Stored data entries:
== Segment start ==
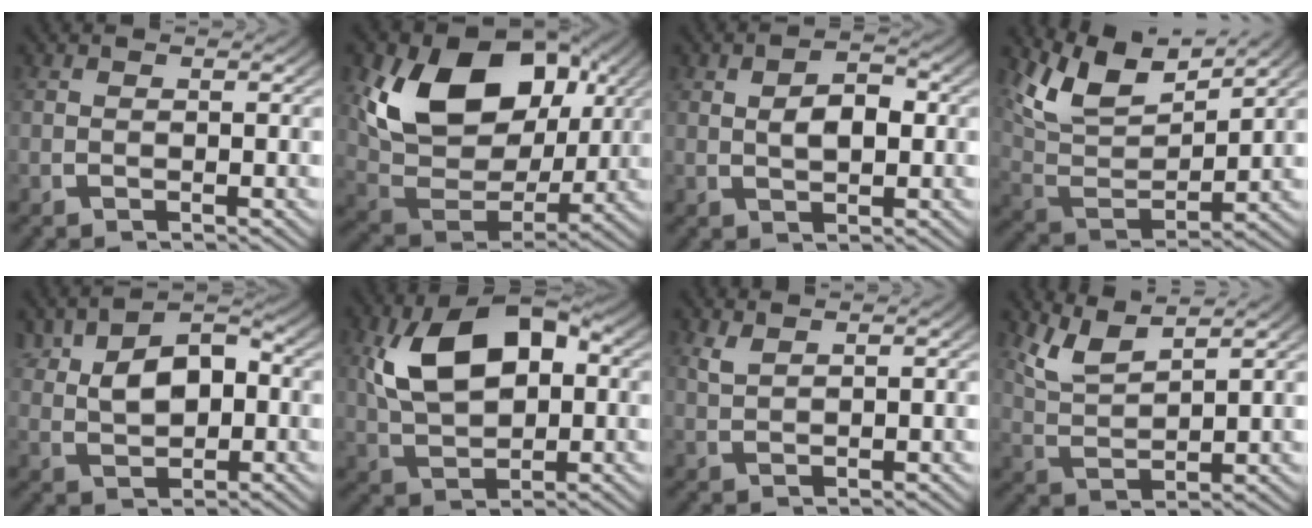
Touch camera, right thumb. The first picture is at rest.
{"total": 14.8, "force": [2.8, 9.8, 10.8], "torque": [-0.225, -0.025, 0.053]}
{"total": 3.2, "force": [0.4, 1.9, 2.6], "torque": [-0.047, -0.007, 0.016]}
{"total": 9.6, "force": [3.7, 5.7, 6.8], "torque": [-0.152, -0.013, 0.069]}
{"total": 5.6, "force": [1.2, 3.6, 4.1], "torque": [-0.074, -0.013, 0.037]}
{"total": 10.5, "force": [1.7, 6.6, 8.0], "torque": [-0.167, -0.020, 0.048]}
{"total": 1.8, "force": [1.5, 0.3, 0.8], "torque": [-0.020, 0.001, 0.038]}
{"total": 5.3, "force": [3.5, 2.3, 3.3], "torque": [-0.074, -0.005, 0.078]}
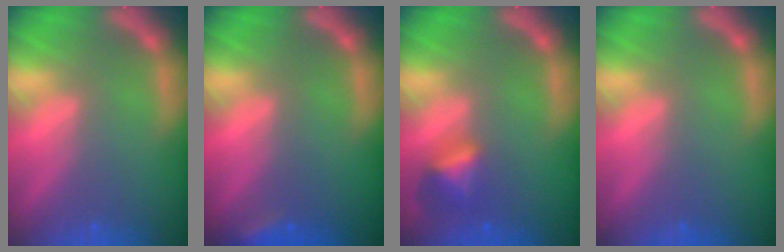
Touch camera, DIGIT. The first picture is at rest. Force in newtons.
{"total": 1.9}
{"total": 2.9}
{"total": 0.0}
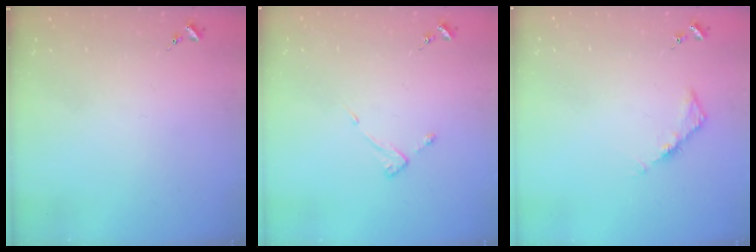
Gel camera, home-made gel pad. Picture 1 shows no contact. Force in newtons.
{"total": 3.8, "press": 3.7, "slide": 0.4}
{"total": 4.5, "press": 4.5, "slide": 0.4}
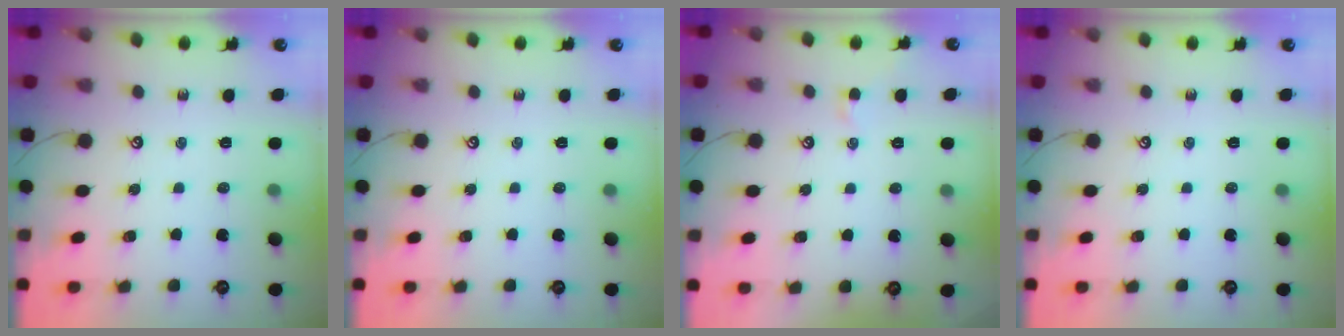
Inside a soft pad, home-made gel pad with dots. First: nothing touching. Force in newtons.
{"total": 0.0}
{"total": 0.0}
{"total": 0.0}
== Segment end ==
Exercise brief: The records above are to be restated word for word, with every picture left out.

Reply to the task:
Touch camera, right thumb. The first picture is at rest.
{"total": 14.8, "force": [2.8, 9.8, 10.8], "torque": [-0.225, -0.025, 0.053]}
{"total": 3.2, "force": [0.4, 1.9, 2.6], "torque": [-0.047, -0.007, 0.016]}
{"total": 9.6, "force": [3.7, 5.7, 6.8], "torque": [-0.152, -0.013, 0.069]}
{"total": 5.6, "force": [1.2, 3.6, 4.1], "torque": [-0.074, -0.013, 0.037]}
{"total": 10.5, "force": [1.7, 6.6, 8.0], "torque": [-0.167, -0.020, 0.048]}
{"total": 1.8, "force": [1.5, 0.3, 0.8], "torque": [-0.020, 0.001, 0.038]}
{"total": 5.3, "force": [3.5, 2.3, 3.3], "torque": [-0.074, -0.005, 0.078]}
Touch camera, DIGIT. The first picture is at rest. Force in newtons.
{"total": 1.9}
{"total": 2.9}
{"total": 0.0}
Gel camera, home-made gel pad. Picture 1 shows no contact. Force in newtons.
{"total": 3.8, "press": 3.7, "slide": 0.4}
{"total": 4.5, "press": 4.5, "slide": 0.4}
Inside a soft pad, home-made gel pad with dots. First: nothing touching. Force in newtons.
{"total": 0.0}
{"total": 0.0}
{"total": 0.0}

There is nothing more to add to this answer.